All amounts are raw on-chain integer amounts in smallest units. The seed balance diffs show the victim balances going to zero or decreasing sharply and the corresponding attacker-controlled recipients increasing by the same raw amounts. This is not accounting drift inside the protocol. The loss mechanism is the protocol acting as an unrestricted spender over victim approvals.

7. References

• Verified MinterProxyV2 source at 0x80a0D7A6FD2A22982Ce282933b384568E5c852bF, especially swap() at lines 683-737.
• Seed trace for 0x407e09faabf7072cd10dc86b7fa3180ccc1701f52f7fdca29464568498c30997, showing helper-token transferFrom, victim-token transferFrom, and helper-token output check.
• Seed trace for 0xd348b5fc00b26fc1457b70d02f9cb5e5a66a564cc4eba2136a473866a47dac08, showing the same pattern repeated across a larger token basket.
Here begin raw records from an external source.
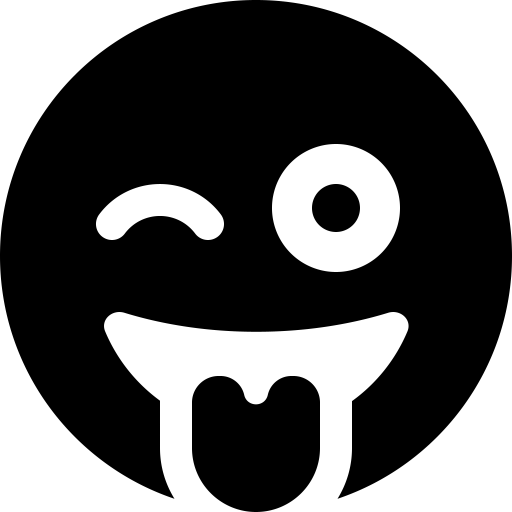
Tags: icon, FontAwesome, fa-icon, solid, face, grin, tongue, wink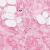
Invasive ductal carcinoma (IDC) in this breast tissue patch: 0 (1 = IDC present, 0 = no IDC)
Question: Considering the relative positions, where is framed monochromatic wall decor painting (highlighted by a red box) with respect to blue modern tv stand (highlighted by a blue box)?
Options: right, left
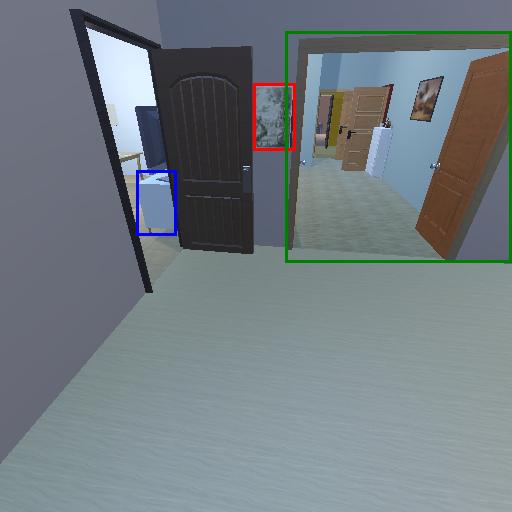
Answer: right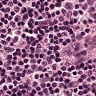
Metastatic tissue present: no
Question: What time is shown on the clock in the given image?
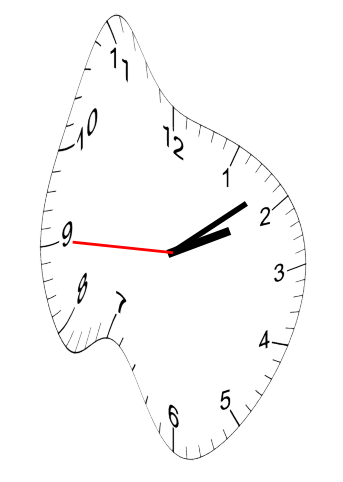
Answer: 02:08:45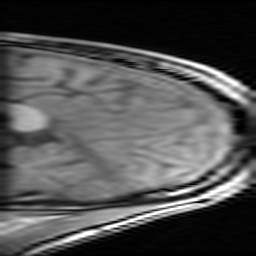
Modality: inplaneT1
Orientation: sagittal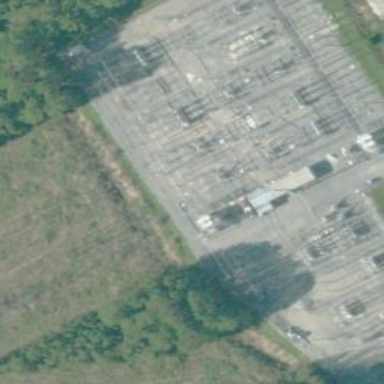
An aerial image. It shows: Switch used for power control.
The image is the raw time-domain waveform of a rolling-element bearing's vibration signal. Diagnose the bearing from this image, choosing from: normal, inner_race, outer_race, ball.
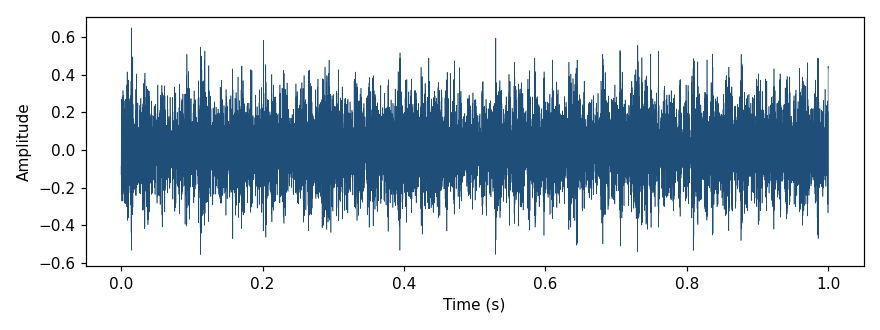
Answer: outer_race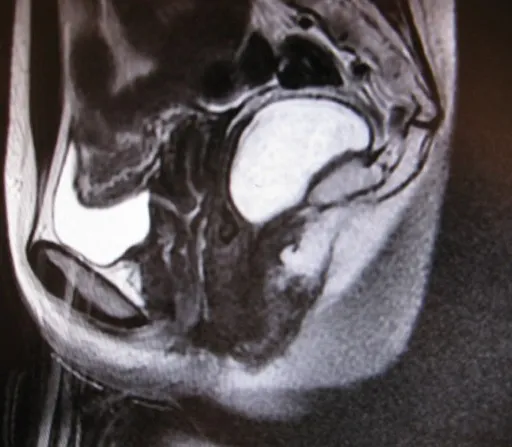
High-resolution modern imaging view of retro-rectal cystic hamartoma.
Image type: radiology (mri)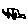
Label: car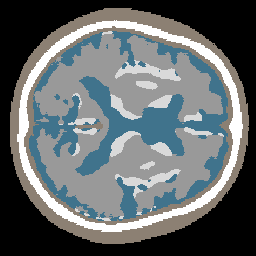
Label: no_lesion

• Seed balance diff for 0x407e09faabf7072cd10dc86b7fa3180ccc1701f52f7fdca29464568498c30997, confirming the BTCB drain from the victim to 0x69795d09aa99a305b4fc2ed158d4944bcd91d59a.
• Seed balance diff for 0xd348b5fc00b26fc1457b70d02f9cb5e5a66a564cc4eba2136a473866a47dac08, confirming multi-token drains from the same victim to 0xacdbe7b770a14ca3bc34865ac3986c0ce771fd68.